Write out again, exactly as they appear, the lines from the start of the data below through the line with "མོང་བས་རྒྱུད་ས"; no pictures.

(Beginning of Source material)

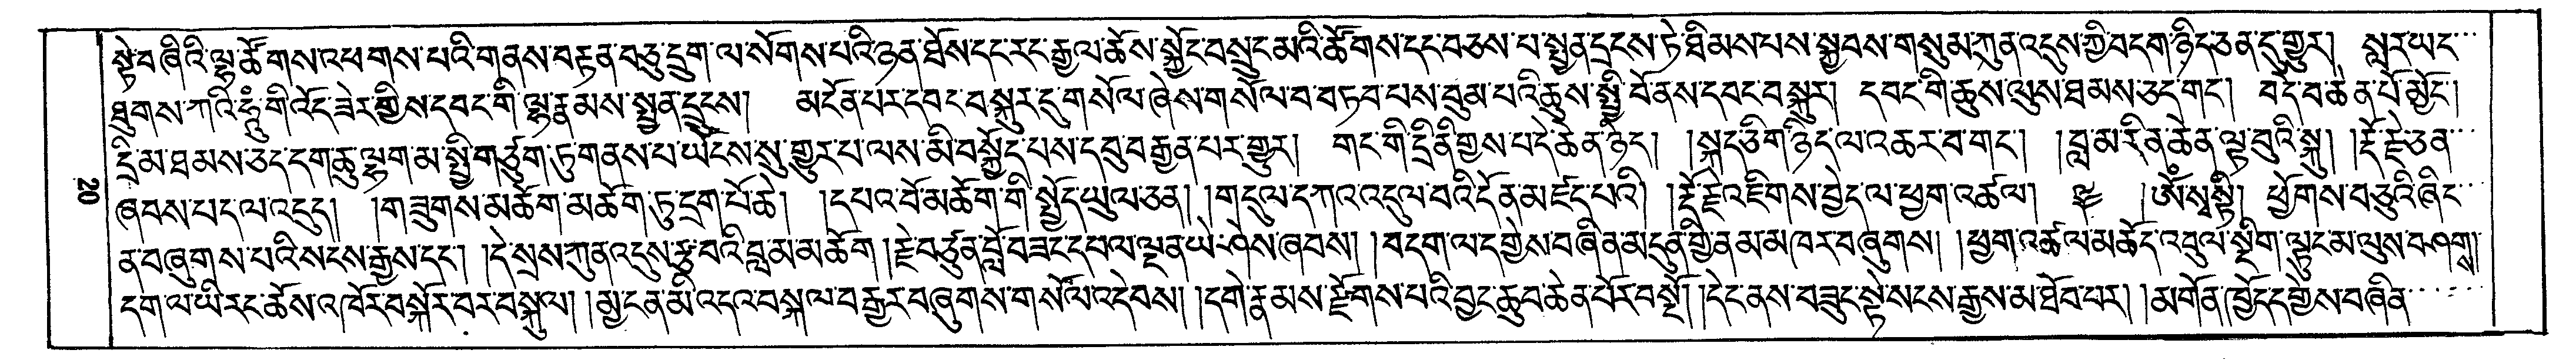སྡེ་བཞིའི་ལྷ་ཚེགས་འཕགས་པའི་གནས་བརྟན་བཅུ་དྲུག་ལ་སོགས་པའི་ཉན་ཐོས་དང་རང་རྒྱལ་ཆོས་སྐྱོང་བསྲུང་མའི་ཚོགས་དང་བཅས་པ་སྤྱན་དྲངས་ཏེ་ཐིམས་པས་སྐྱབས་གསུམ་ཀུན་འདུས་ཀྱི་བདག་ཉིད་ཅན་དུ་གྱུར། སླར་ཡང་
ཐུགས་ཀའི་ཧཱུཾ་གི་འོད་ཟེར་གྱིས་དབང་གི་ལྷ་རྣམས་སྤྱན་དྲངས། མངོན་པར་དབང་བསྐུར་དུ་གསོལ་ཞེས་གསོལ་བ་བཏབ་པས་བུམ་པའི་ཆུས་སྤྱི་བོ་ནས་དབང་བསྐུར། དབང་གི་ཆུས་ལུས་ཐམས་ཅད་གང་། བདེ་བ་ཆེན་པོ་མྱོང་།
དྲི་མ་ཐམས་ཅད་དག་ཆུ་ལྷག་མ་སྤྱི་གཙུག་ཏུ་གནས་པ་ཡོངས་སུ་གྱུར་པ་ལས་མི་བསྐྱོད་པས་དབུ་བརྒྱན་པར་གྱུར། གང་གི་དྲིན་གྱིས་བདེ་ཆེན་ཉིད། །སྐད་ཅིག་ཉིད་ལ་འཆར་བ་གང་། །བླ་མ་རིན་ཆེན་ལྟ་བུའི་སྐུ། །རྡོ་རྗེ་ཅན་
ཞབས་པད་ལ་འདུད། །གཟུགས་མཆོག་མཆོག་ཏུ་དྲག་པོ་ཆེ། །དཔའ་བོ་མཆོག་གི་སྤྱོད་ཡུལ་ཅན། །གདུལ་དཀའ་འདུལ་བའི་དོན་མཛད་པའི། །རྡོ་རྗེ་འཇིགས་བྱེད་ལ་ཕྱག་འཚལ། ༈ །ཨོཾ་སྭ་སྟི། ཕྱོགས་བཅུའི་ཞིང་
ན་བཞུགས་པའི་སངས་རྒྱས་དང་། །དེ་སྲས་ཀུན་འདུས་རྩ་བའི་བླ་མ་མཆོག །རྗེ་བཙུན་བློ་བཟང་དཔལ་ལྡན་ཡེ་ཤེས་ཞབས། །བདག་ལ་དགྱེས་བཞིན་མདུན་གྱི་ནམ་མཁར་བཞུགས། །ཕྱག་འཚལ་མཆོད་འབུལ་སྡིག་ལྟུང་མ་ལུས་བཤགས།།
དགེ་ལ་ཡི་རང་ཆོས་འཁོར་བསྐོར་བར་བསྐུལ། །མྱ་ངན་མི་འདའ་བསྐལ་བརྒྱར་བཞུགས་གསོལ་འདེབས། །དགེ་རྣམས་རྫོགས་པའི་བྱང་ཆུབ་ཆེན་པོར་བསྔོ། །དེང་ནས་བཟུང་སྟེ་སངས་རྒྱས་མ་ཐོབ་བར། །མགོན་ཁྱོད་དགྱེས་བཞིན་
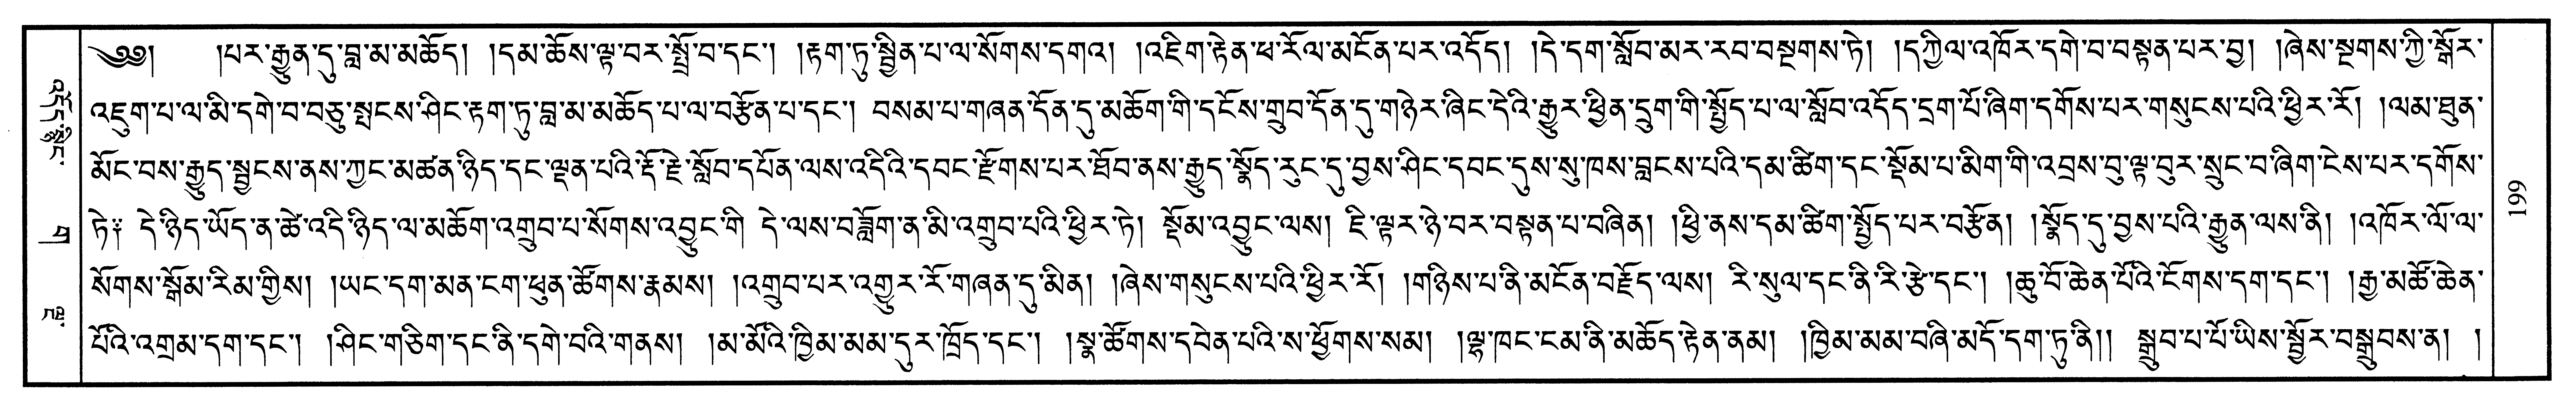༄༅། །པར་རྒྱུན་དུ་བླ་མ་མཆོད། །དམ་ཆོས་ལྟ་བར་སྤྲོ་བ་དང་། །རྟག་ཏུ་སྦྱིན་པ་ལ་སོགས་དགའ། །འཇིག་རྟེན་ཕ་རོལ་མངོན་པར་འདོད། །དེ་དག་སློབ་མར་རབ་བསྔགས་ཏེ། །དཀྱིལ་འཁོར་དགེ་བ་བསྟན་པར་བྱ། །ཞེས་སྔགས་ཀྱི་སྒོར་
འཇུག་པ་ལ་མི་དགེ་བ་བཅུ་སྤངས་ཤིང་རྟག་ཏུ་བླ་མ་མཆོད་པ་ལ་བརྩོན་པ་དང་། བསམ་པ་གཞན་དོན་དུ་མཆོག་གི་དངོས་གྲུབ་དོན་དུ་གཉེར་ཞིང་དེའི་རྒྱུར་ཕྱིན་དྲུག་གི་སྤྱོད་པ་ལ་སློབ་འདོད་དྲག་པོ་ཞིག་དགོས་པར་གསུངས་པའི་ཕྱིར་རོ། །ལམ་ཐུན་
མོང་བས་རྒྱུད་སྦྱངས་ནས་ཀྱང་མཚན་ཉིད་དང་ལྡན་པའི་རྡོ་རྗེ་སློབ་དཔོན་ལས་འདིའི་དབང་རྫོགས་པར་ཐོབ་ནས་རྒྱུད་སྣོད་རུང་དུ་བྱས་ཤིང་དབང་དུས་སུ་ཁས་བླངས་པའི་དམ་ཚིག་དང་སྡོམ་པ་མིག་གི་འབྲས་བུ་ལྟ་བུར་སྲུང་བ་ཞིག་ངེས་པར་དགོས་
ཏེ༑ དེ་ཉིད་ཡོད་ན་ཚེ་འདི་ཉིད་ལ་མཆོག་འགྲུབ་པ་སོགས་འབྱུང་གི། དེ་ལས་བཟློག་ན་མི་འགྲུབ་པའི་ཕྱིར་ཏེ། སྡོམ་འབྱུང་ལས། ཇི་ལྟར་ཉེ་བར་བསྟན་པ་བཞིན། །ཕྱི་ནས་དམ་ཚིག་སྤྱོད་པར་བརྩོན། །སྣོད་དུ་བྱས་པའི་རྒྱུན་ལས་ནི། །འཁོར་ལོ་ལ་
སོགས་སྒོམ་རིམ་གྱིས། །ཡང་དག་མན་ངག་ཕུན་ཚོགས་རྣམས། །འགྲུབ་པར་འགྱུར་རོ་གཞན་དུ་མིན། །ཞེས་གསུངས་པའི་ཕྱིར་རོ། །གཉིས་པ་ནི་མངོན་བརྗོད་ལས། རི་སུལ་དང་ནི་རི་རྩེ་དང་། །ཆུ་བོ་ཆེན་པོའི་ངོགས་དག་དང་། །རྒྱ་མཚོ་ཆེན་
པོའི་འགྲམ་དག་དང་། །ཤིང་གཅིག་དང་ནི་དགེ་བའི་གནས། །མ་མོའི་ཁྱིམ་མམ་དུར་ཁྲོད་དང་། །སྣ་ཚོགས་དབེན་པའི་ས་ཕྱོགས་སམ། །ལྷ་ཁང་ངམ་ནི་མཆོད་རྟེན་ནམ། །ཁྱིམ་མམ་བཞི་མདོ་དག་ཏུ་ནི།། སྒྲུབ་པ་པོ་ཡིས་སྦྱོར་བསྒྲུབས་ན། །
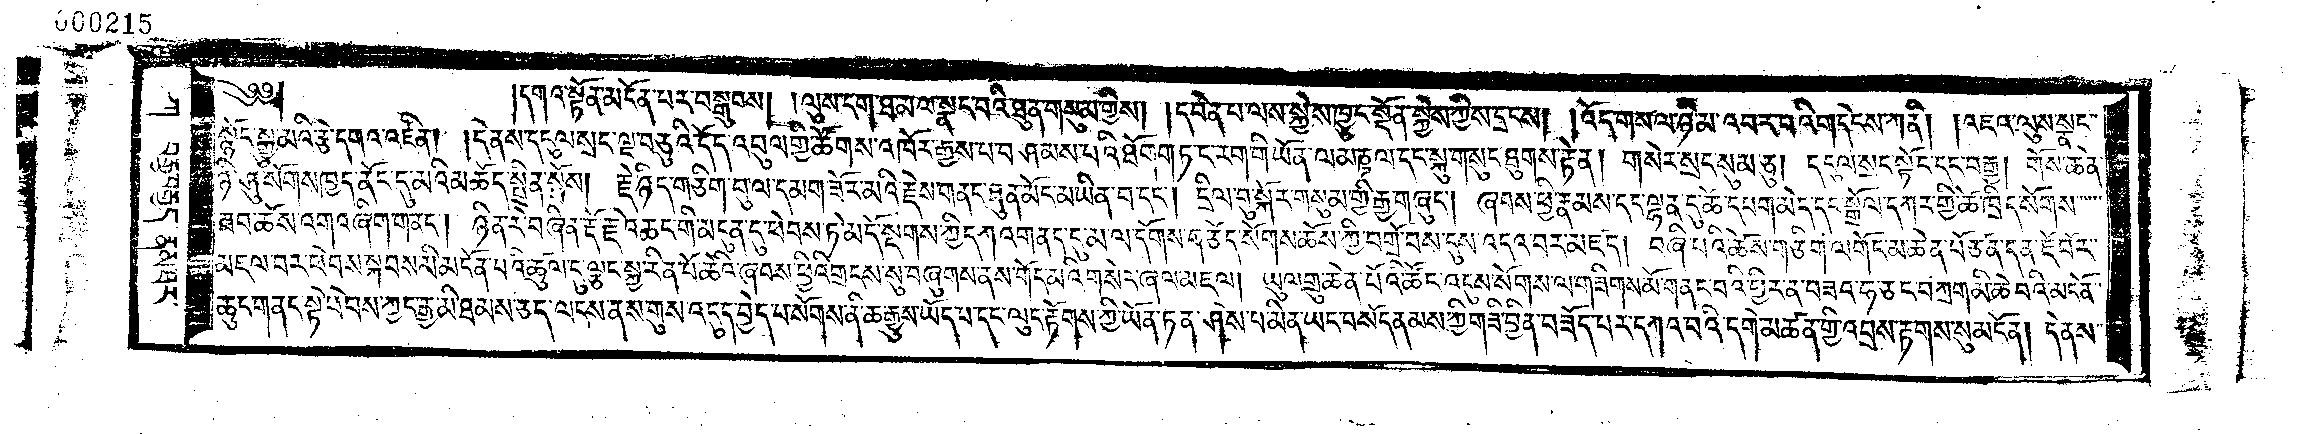༄༅། །དགའ་སྟོན་མངོན་པར་བསྒྲུབས། །ལུས་ངག་ཐ་མལ་སྣང་བའི་ཐུན་གསུམ་གྱིས། །དབེན་པ་ལས་སྐྱེས་ཁྱུང་སྔོན་སྐྱེས་ཀྱིས་དྲངས། །འོད་གསལ་ཉི་མ་འབར་བའི་གདེངས་ཀ་ནི། །འཇའ་ལུས་སྣང་
སྟོང་སྒྱུ་མའི་རྩེ་དགའ་འཛིན། །དེ་ནས་དངུལ་སྲང་ལྔ་བཅུའི་དོད་འབུལ་གྱི་ཚོགས་འཁོར་རྒྱས་པ་བཤམས་པའི་ཐོག་གཏང་རག་གི་ཡོན་ལ་མཎྜལ་དང་སྐུ་གསུང་ཐུགས་རྟེན། གསེར་སྲང་སུམ་ཅུ། དངུལ་སྲང་སྟོང་དང་བརྒྱ། གོས་ཆེན་
ཉི་ཤུ་སོགས་ཁྱད་ནོར་དུ་མའི་མཆོད་སྤྲིན་སྤྲོས། རྗེ་ཉིད་གཅིག་པུ་ལ་དམག་ཟོར་མའི་རྗེས་གནང་ཐུན་མོང་མ་ཡིན་པ་དང་། དྲིལ་བུ་སྐོར་གསུམ་གྱི་རྒྱ་གཞུང་། ཞབས་ཕྱི་རྣམས་དང་ལྷན་དུ་ཚེ་དཔག་མེད་དང་སྒྲོལ་དཀར་གྱི་ཚེ་ཁྲིད་སོགས་
ཟབ་ཆོས་འགའ་ཞིག་གནང་། ཉིན་རེ་བཞིན་རྡོ་རྗེ་འཆང་གི་མདུན་དུ་ཕེབས་ཏེ་མདོ་སྔགས་ཀྱི་དཀའ་གནད་དུ་མ་ལ་དགོས་གཅོད་སོགས་ཆོས་ཀྱི་བགྲོ་བས་དུས་འདའ་བར་མཛད། བཞི་པའི་ཚེས་གཅིག་ལ་གོང་མ་ཆེན་པོ་ཙན་དན་ཇོ་བོར་
མཇལ་བར་ཕེབས་སྐབས་མི་མངོན་པའི་ཚུལ་དུ་ལྕང་སྐྱ་རིན་པོ་ཆེའི་ཞབས་ཕྱིའི་གྲངས་སུ་བཞུགས་ནས་གོང་མའི་གསེར་ཞལ་མཇལ། ཡུལ་གྲུབ་ཆེན་པོའི་ཚོང་འདུས་སོགས་ལ་གཟིགས་མོ་གནང་བའི་ཕྱིར་ན་བཟའ་ཧ་ཅང་བཀྲག་མི་ཆེ་བའི་མངོན་
ཆུང་གནང་སྟེ་ཕེབས་ཀྱང་རྒྱ་མི་ཐམས་ཅད་ལངས་ནས་གུས་འདུད་བྱེད་པ་སོགས་ནི་ཆ་རྒྱུས་ཡོད་པ་དང་ལུང་རྟོགས་ཀྱི་ཡོན་ཏན་ཤེས་པ་མིན་ཡང་བསོད་ནམས་ཀྱི་གཟི་བྱིན་བཟོད་པར་དཀའ་བའི་དགེ་མཚན་གྱི་འབྲས་རྟགས་སུ་མངོན། དེ་ནས་

(End of Source material)

§ **Result for this task**:
སྡེ་བཞིའི་ལྷ་ཚེགས་འཕགས་པའི་གནས་བརྟན་བཅུ་དྲུག་ལ་སོགས་པའི་ཉན་ཐོས་དང་རང་རྒྱལ་ཆོས་སྐྱོང་བསྲུང་མའི་ཚོགས་དང་བཅས་པ་སྤྱན་དྲངས་ཏེ་ཐིམས་པས་སྐྱབས་གསུམ་ཀུན་འདུས་ཀྱི་བདག་ཉིད་ཅན་དུ་གྱུར། སླར་ཡང་
ཐུགས་ཀའི་ཧཱུཾ་གི་འོད་ཟེར་གྱིས་དབང་གི་ལྷ་རྣམས་སྤྱན་དྲངས། མངོན་པར་དབང་བསྐུར་དུ་གསོལ་ཞེས་གསོལ་བ་བཏབ་པས་བུམ་པའི་ཆུས་སྤྱི་བོ་ནས་དབང་བསྐུར། དབང་གི་ཆུས་ལུས་ཐམས་ཅད་གང་། བདེ་བ་ཆེན་པོ་མྱོང་།
དྲི་མ་ཐམས་ཅད་དག་ཆུ་ལྷག་མ་སྤྱི་གཙུག་ཏུ་གནས་པ་ཡོངས་སུ་གྱུར་པ་ལས་མི་བསྐྱོད་པས་དབུ་བརྒྱན་པར་གྱུར། གང་གི་དྲིན་གྱིས་བདེ་ཆེན་ཉིད། །སྐད་ཅིག་ཉིད་ལ་འཆར་བ་གང་། །བླ་མ་རིན་ཆེན་ལྟ་བུའི་སྐུ། །རྡོ་རྗེ་ཅན་
ཞབས་པད་ལ་འདུད། །གཟུགས་མཆོག་མཆོག་ཏུ་དྲག་པོ་ཆེ། །དཔའ་བོ་མཆོག་གི་སྤྱོད་ཡུལ་ཅན། །གདུལ་དཀའ་འདུལ་བའི་དོན་མཛད་པའི། །རྡོ་རྗེ་འཇིགས་བྱེད་ལ་ཕྱག་འཚལ། ༈ །ཨོཾ་སྭ་སྟི། ཕྱོགས་བཅུའི་ཞིང་
ན་བཞུགས་པའི་སངས་རྒྱས་དང་། །དེ་སྲས་ཀུན་འདུས་རྩ་བའི་བླ་མ་མཆོག །རྗེ་བཙུན་བློ་བཟང་དཔལ་ལྡན་ཡེ་ཤེས་ཞབས། །བདག་ལ་དགྱེས་བཞིན་མདུན་གྱི་ནམ་མཁར་བཞུགས། །ཕྱག་འཚལ་མཆོད་འབུལ་སྡིག་ལྟུང་མ་ལུས་བཤགས།།
དགེ་ལ་ཡི་རང་ཆོས་འཁོར་བསྐོར་བར་བསྐུལ། །མྱ་ངན་མི་འདའ་བསྐལ་བརྒྱར་བཞུགས་གསོལ་འདེབས། །དགེ་རྣམས་རྫོགས་པའི་བྱང་ཆུབ་ཆེན་པོར་བསྔོ། །དེང་ནས་བཟུང་སྟེ་སངས་རྒྱས་མ་ཐོབ་བར། །མགོན་ཁྱོད་དགྱེས་བཞིན་
༄༅། །པར་རྒྱུན་དུ་བླ་མ་མཆོད། །དམ་ཆོས་ལྟ་བར་སྤྲོ་བ་དང་། །རྟག་ཏུ་སྦྱིན་པ་ལ་སོགས་དགའ། །འཇིག་རྟེན་ཕ་རོལ་མངོན་པར་འདོད། །དེ་དག་སློབ་མར་རབ་བསྔགས་ཏེ། །དཀྱིལ་འཁོར་དགེ་བ་བསྟན་པར་བྱ། །ཞེས་སྔགས་ཀྱི་སྒོར་
འཇུག་པ་ལ་མི་དགེ་བ་བཅུ་སྤངས་ཤིང་རྟག་ཏུ་བླ་མ་མཆོད་པ་ལ་བརྩོན་པ་དང་། བསམ་པ་གཞན་དོན་དུ་མཆོག་གི་དངོས་གྲུབ་དོན་དུ་གཉེར་ཞིང་དེའི་རྒྱུར་ཕྱིན་དྲུག་གི་སྤྱོད་པ་ལ་སློབ་འདོད་དྲག་པོ་ཞིག་དགོས་པར་གསུངས་པའི་ཕྱིར་རོ། །ལམ་ཐུན་
མོང་བས་རྒྱུད་སྦྱངས་ནས་ཀྱང་མཚན་ཉིད་དང་ལྡན་པའི་རྡོ་རྗེ་སློབ་དཔོན་ལས་འདིའི་དབང་རྫོགས་པར་ཐོབ་ནས་རྒྱུད་སྣོད་རུང་དུ་བྱས་ཤིང་དབང་དུས་སུ་ཁས་བླངས་པའི་དམ་ཚིག་དང་སྡོམ་པ་མིག་གི་འབྲས་བུ་ལྟ་བུར་སྲུང་བ་ཞིག་ངེས་པར་དགོས་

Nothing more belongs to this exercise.